Further, the fishing industry has shared data to enable monitoring of the krill stock46,102,103. This collaboration will continue to be vital. At present, working directly with ARK to create more voluntary measures based on sound science could implement changes quickly without the need for consensus. However, despite industry support, CCAMLR is unable to adopt these voluntary measures as conservation measures unless they are submitted by members directly and approved by consensus. Notably, there is now a new High Seas Treaty under the United Nations which provides a legal pathway for more comprehensive governance of the high seas, including marine protected areas (MPAs)104. The High Seas Treaty will be required to engage with the respective competent bodies in international waters, so in the Southern Ocean, this would mean CCAMLR and the wider Antarctic Treaty System. However, given CCAMLR’s inability to reach consensus on conservation initiatives in recent years, some have questioned whether it will be considered a competent body under the new High Seas Treaty105. Further, the High Seas Treaty calls for strengthening and enhancing cooperation among relevant legal frameworks, this would include between CCAMLR and the IWC (Box 2). CCAMLR can demonstrate itself as a leader in international spatial management through further strengthening coordination with the IWC, and through implementing krill management measures CCAMLR has been developing for decades alongside specific whale avoidance measures.
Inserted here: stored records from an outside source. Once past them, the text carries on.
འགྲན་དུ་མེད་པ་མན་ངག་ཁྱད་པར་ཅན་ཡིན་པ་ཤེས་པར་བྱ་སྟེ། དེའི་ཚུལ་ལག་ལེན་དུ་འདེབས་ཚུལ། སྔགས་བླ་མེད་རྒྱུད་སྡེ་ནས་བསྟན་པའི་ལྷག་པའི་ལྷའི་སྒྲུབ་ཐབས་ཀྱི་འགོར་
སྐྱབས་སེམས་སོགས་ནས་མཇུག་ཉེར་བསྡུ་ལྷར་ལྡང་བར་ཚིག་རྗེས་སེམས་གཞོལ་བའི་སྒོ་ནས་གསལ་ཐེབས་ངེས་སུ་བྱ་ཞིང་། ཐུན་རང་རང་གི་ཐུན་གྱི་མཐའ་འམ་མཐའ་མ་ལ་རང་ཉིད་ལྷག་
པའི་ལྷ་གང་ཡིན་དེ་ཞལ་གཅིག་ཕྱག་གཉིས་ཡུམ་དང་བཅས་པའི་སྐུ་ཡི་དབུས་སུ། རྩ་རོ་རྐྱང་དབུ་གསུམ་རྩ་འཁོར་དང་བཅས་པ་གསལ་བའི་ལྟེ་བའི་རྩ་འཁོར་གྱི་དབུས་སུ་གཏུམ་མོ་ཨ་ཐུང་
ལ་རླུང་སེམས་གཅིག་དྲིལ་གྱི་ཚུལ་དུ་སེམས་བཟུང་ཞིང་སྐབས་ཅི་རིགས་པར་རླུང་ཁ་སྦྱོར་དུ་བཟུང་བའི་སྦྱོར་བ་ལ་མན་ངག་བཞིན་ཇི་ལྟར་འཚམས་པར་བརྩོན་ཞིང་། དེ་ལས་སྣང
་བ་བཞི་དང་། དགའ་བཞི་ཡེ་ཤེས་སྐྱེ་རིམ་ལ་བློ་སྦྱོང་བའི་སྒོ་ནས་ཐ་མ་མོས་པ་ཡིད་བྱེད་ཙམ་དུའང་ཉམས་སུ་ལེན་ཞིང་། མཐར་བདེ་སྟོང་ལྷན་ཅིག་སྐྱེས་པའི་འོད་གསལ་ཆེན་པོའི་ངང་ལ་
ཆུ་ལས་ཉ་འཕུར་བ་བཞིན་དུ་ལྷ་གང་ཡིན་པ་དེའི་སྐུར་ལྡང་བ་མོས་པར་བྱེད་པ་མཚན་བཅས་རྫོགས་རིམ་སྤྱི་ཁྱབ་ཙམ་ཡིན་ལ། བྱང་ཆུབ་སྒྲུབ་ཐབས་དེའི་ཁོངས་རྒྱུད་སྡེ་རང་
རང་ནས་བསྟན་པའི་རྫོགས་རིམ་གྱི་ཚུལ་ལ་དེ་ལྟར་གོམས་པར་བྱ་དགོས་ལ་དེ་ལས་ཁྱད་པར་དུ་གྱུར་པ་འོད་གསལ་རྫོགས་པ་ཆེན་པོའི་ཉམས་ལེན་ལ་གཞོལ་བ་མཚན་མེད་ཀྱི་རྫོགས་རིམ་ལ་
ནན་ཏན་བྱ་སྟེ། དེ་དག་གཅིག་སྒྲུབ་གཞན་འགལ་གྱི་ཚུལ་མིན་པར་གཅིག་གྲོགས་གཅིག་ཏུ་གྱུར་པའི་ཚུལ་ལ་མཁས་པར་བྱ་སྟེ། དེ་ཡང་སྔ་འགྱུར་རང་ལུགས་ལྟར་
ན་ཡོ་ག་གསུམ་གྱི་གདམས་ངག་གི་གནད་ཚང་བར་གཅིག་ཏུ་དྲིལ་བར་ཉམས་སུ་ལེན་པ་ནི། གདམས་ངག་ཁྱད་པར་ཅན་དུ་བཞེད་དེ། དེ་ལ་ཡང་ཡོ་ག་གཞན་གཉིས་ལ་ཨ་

While CCAMLR is responsible for managing Antarctic krill, it is important to acknowledge that the Southern Ocean is an international space that provides global benefits41. The Southern Ocean and its biota provide a globally important carbon sink, accounting for 75% of heat uptake and 43% anthropogenic carbon uptake by the ocean globally106. Robust krill populations, supported by whale iron recycling14, drive carbon export in the Southern Ocean7,107,108. Thus, arguably, the global community should have a say in the process and targets of ecosystem recovery (Box 1, Box 2). The tradeoffs of fishing krill to generate luxury products versus the global benefit of keeping krill in the ocean needs to be assessed. Finally, CCAMLR is currently evaluating proposed MPAs in the western Antarctic Peninsula and Weddell Sea regions (encompassing key portions of Area 48), as well as in the East Antarctic (encompassing key portions of Area 58)49. The proposed MPA along the Antarctic Peninsula explicitly considers whales in its design. Safeguarding umbrella species such as baleen whales could afford ecosystem-wide protection68. Conservation strategies that consider the benefits of whales and krill to ocean ecosystems can help preserve the Southern Ocean and its global benefits in the 21st-century and beyond41.